» What needs to be done: The data must be given again exactly as written, with all images omitted.

» Records supplied:
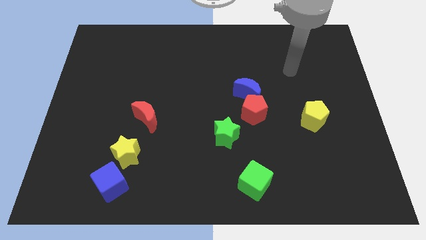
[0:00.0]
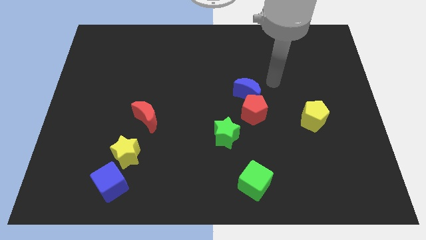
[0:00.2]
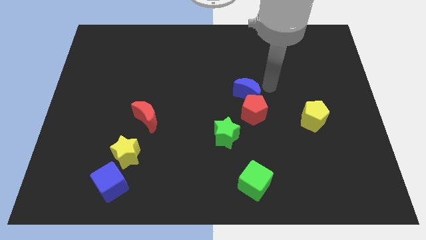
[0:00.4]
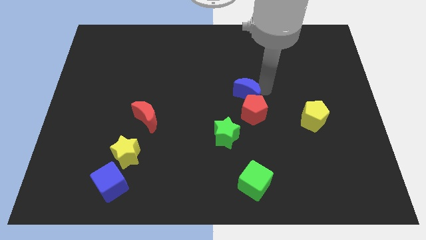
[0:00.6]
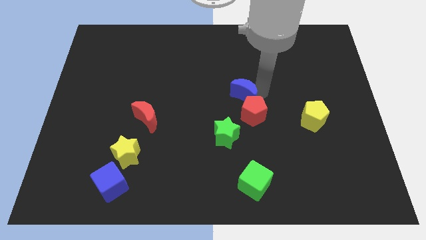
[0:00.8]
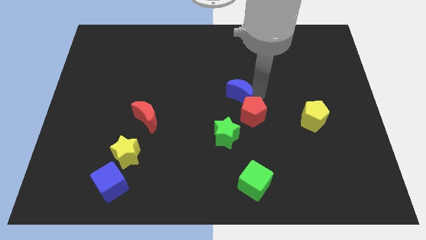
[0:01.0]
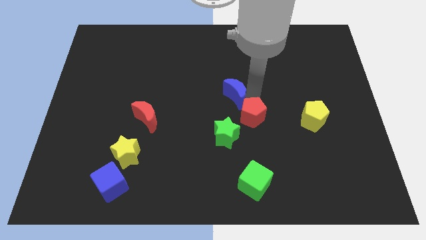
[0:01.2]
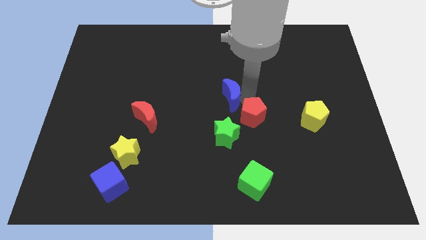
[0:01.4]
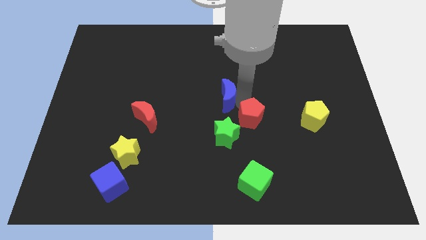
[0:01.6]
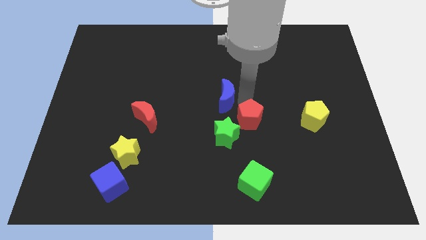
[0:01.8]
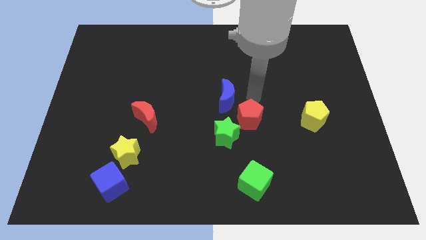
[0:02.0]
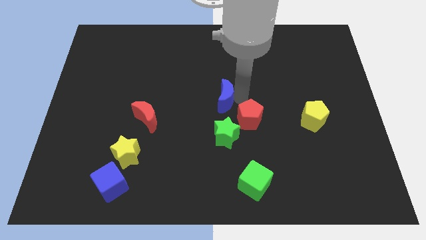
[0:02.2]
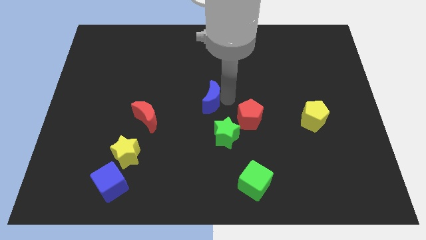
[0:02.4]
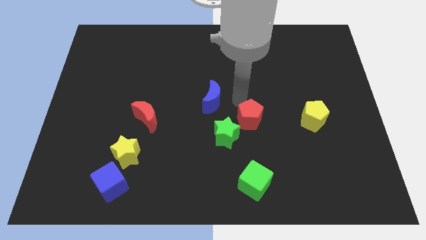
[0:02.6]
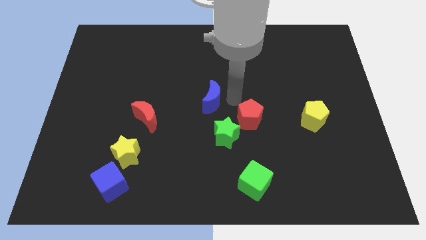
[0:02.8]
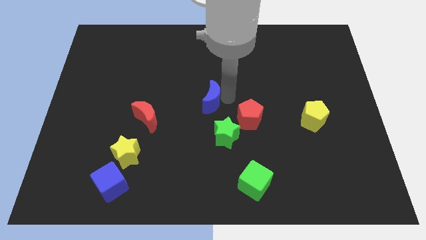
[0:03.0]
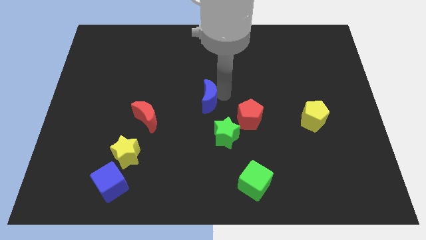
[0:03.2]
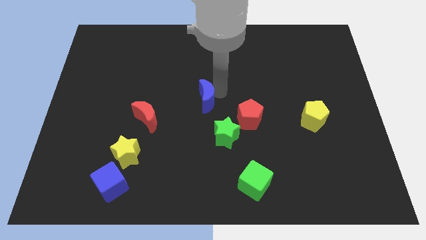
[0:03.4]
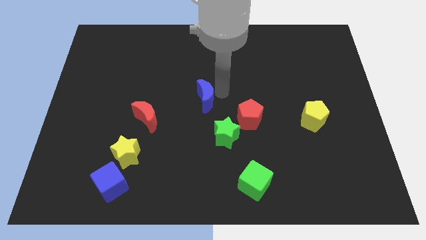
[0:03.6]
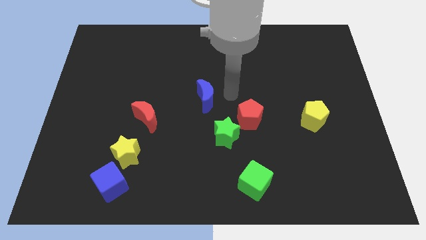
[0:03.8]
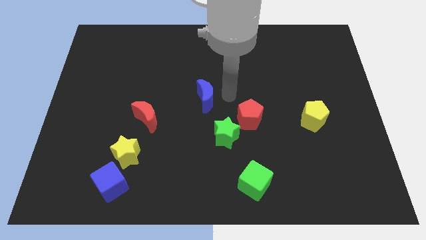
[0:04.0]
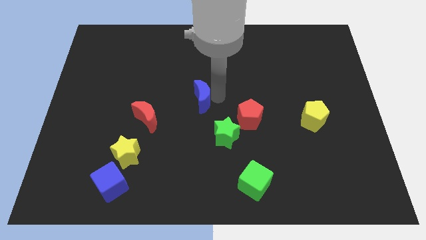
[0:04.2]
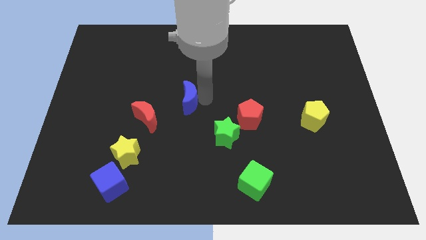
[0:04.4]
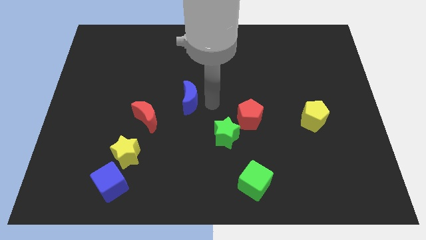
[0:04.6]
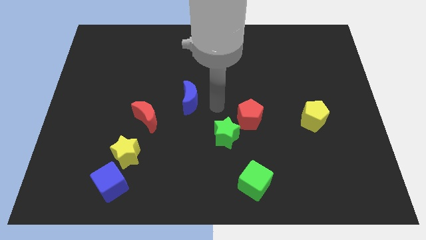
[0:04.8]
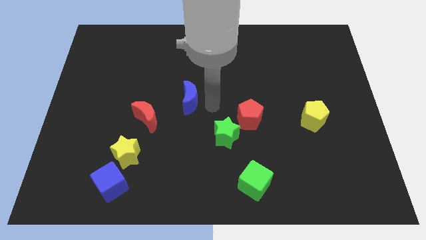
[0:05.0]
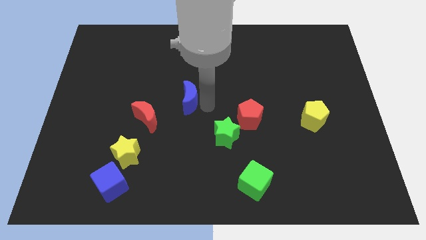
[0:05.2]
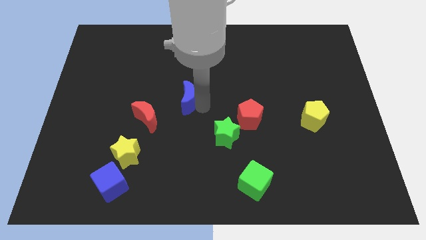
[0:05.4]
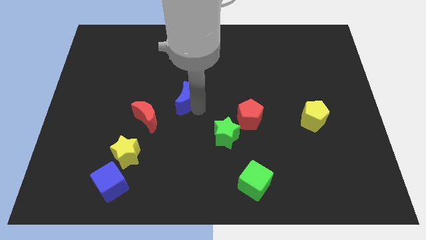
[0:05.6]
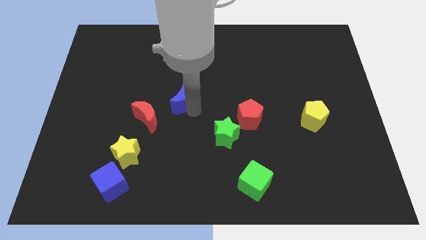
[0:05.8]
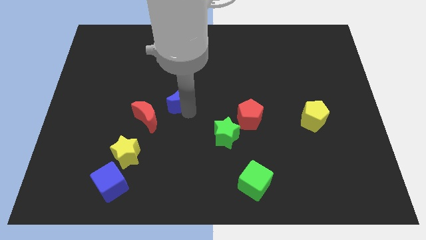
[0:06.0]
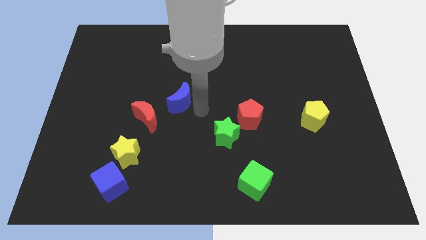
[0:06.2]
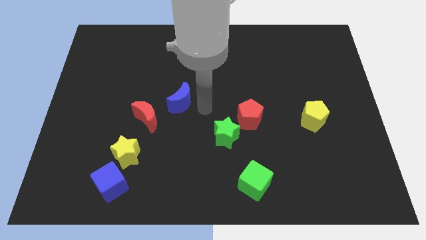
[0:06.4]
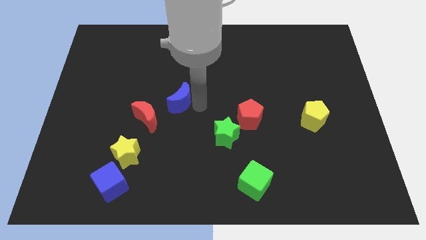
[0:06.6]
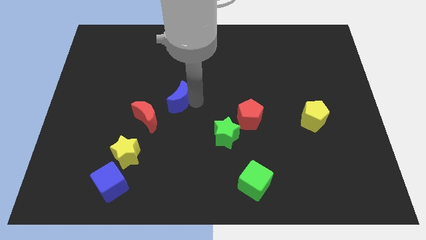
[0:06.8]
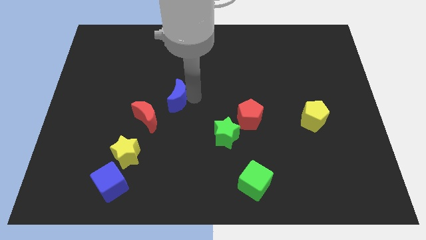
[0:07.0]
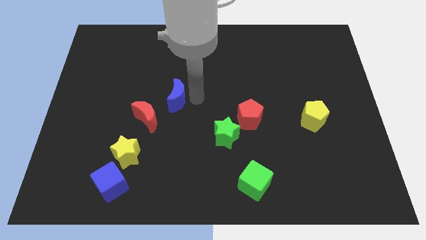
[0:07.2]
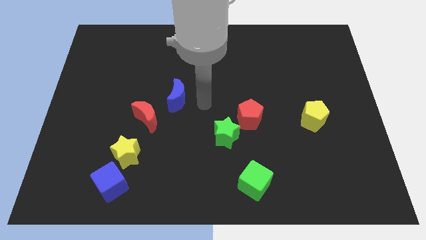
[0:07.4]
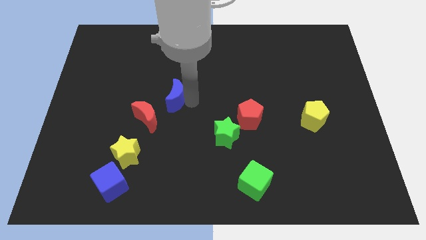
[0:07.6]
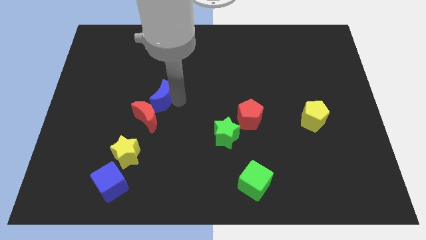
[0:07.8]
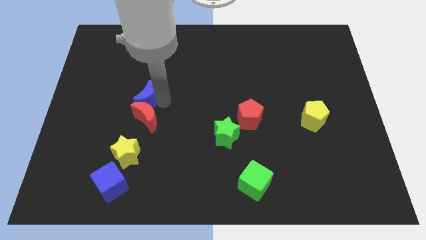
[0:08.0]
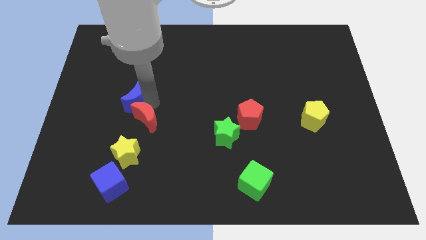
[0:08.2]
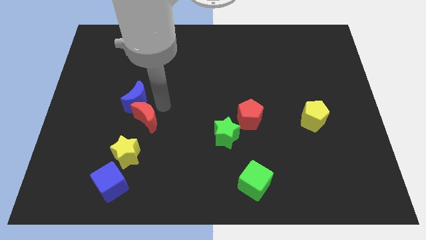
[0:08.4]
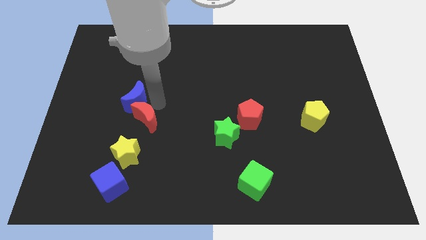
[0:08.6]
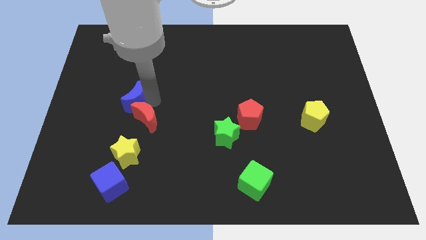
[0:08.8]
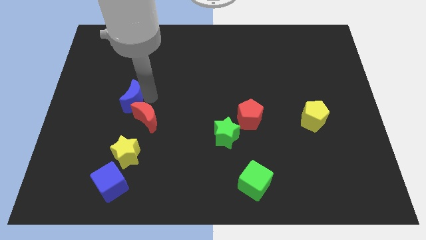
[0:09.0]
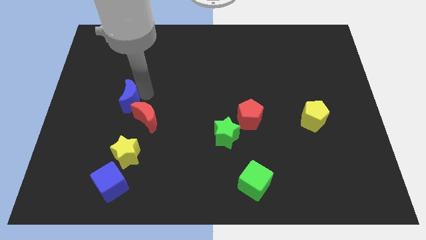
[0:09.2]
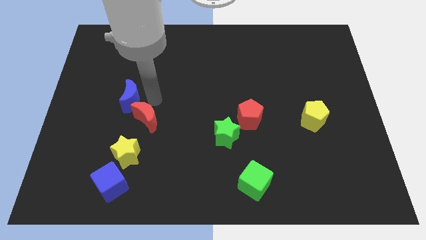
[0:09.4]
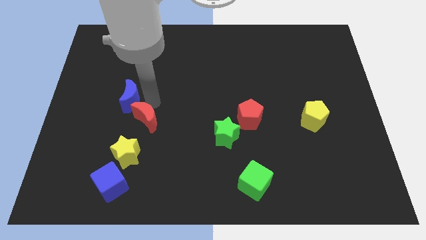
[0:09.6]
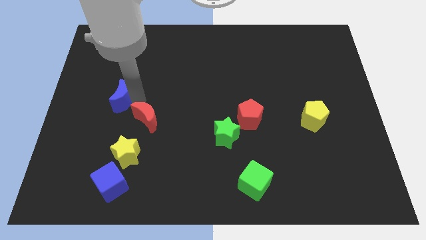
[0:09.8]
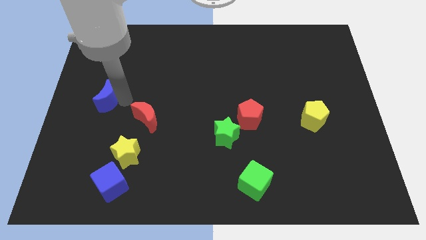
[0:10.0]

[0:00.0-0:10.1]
push the blue moon to the left side of the board

» Written reply:
[0:00.0]
[0:00.2]
[0:00.4]
[0:00.6]
[0:00.8]
[0:01.0]
[0:01.2]
[0:01.4]
[0:01.6]
[0:01.8]
[0:02.0]
[0:02.2]
[0:02.4]
[0:02.6]
[0:02.8]
[0:03.0]
[0:03.2]
[0:03.4]
[0:03.6]
[0:03.8]
[0:04.0]
[0:04.2]
[0:04.4]
[0:04.6]
[0:04.8]
[0:05.0]
[0:05.2]
[0:05.4]
[0:05.6]
[0:05.8]
[0:06.0]
[0:06.2]
[0:06.4]
[0:06.6]
[0:06.8]
[0:07.0]
[0:07.2]
[0:07.4]
[0:07.6]
[0:07.8]
[0:08.0]
[0:08.2]
[0:08.4]
[0:08.6]
[0:08.8]
[0:09.0]
[0:09.2]
[0:09.4]
[0:09.6]
[0:09.8]
[0:10.0]

[0:00.0-0:10.1]
push the blue moon to the left side of the board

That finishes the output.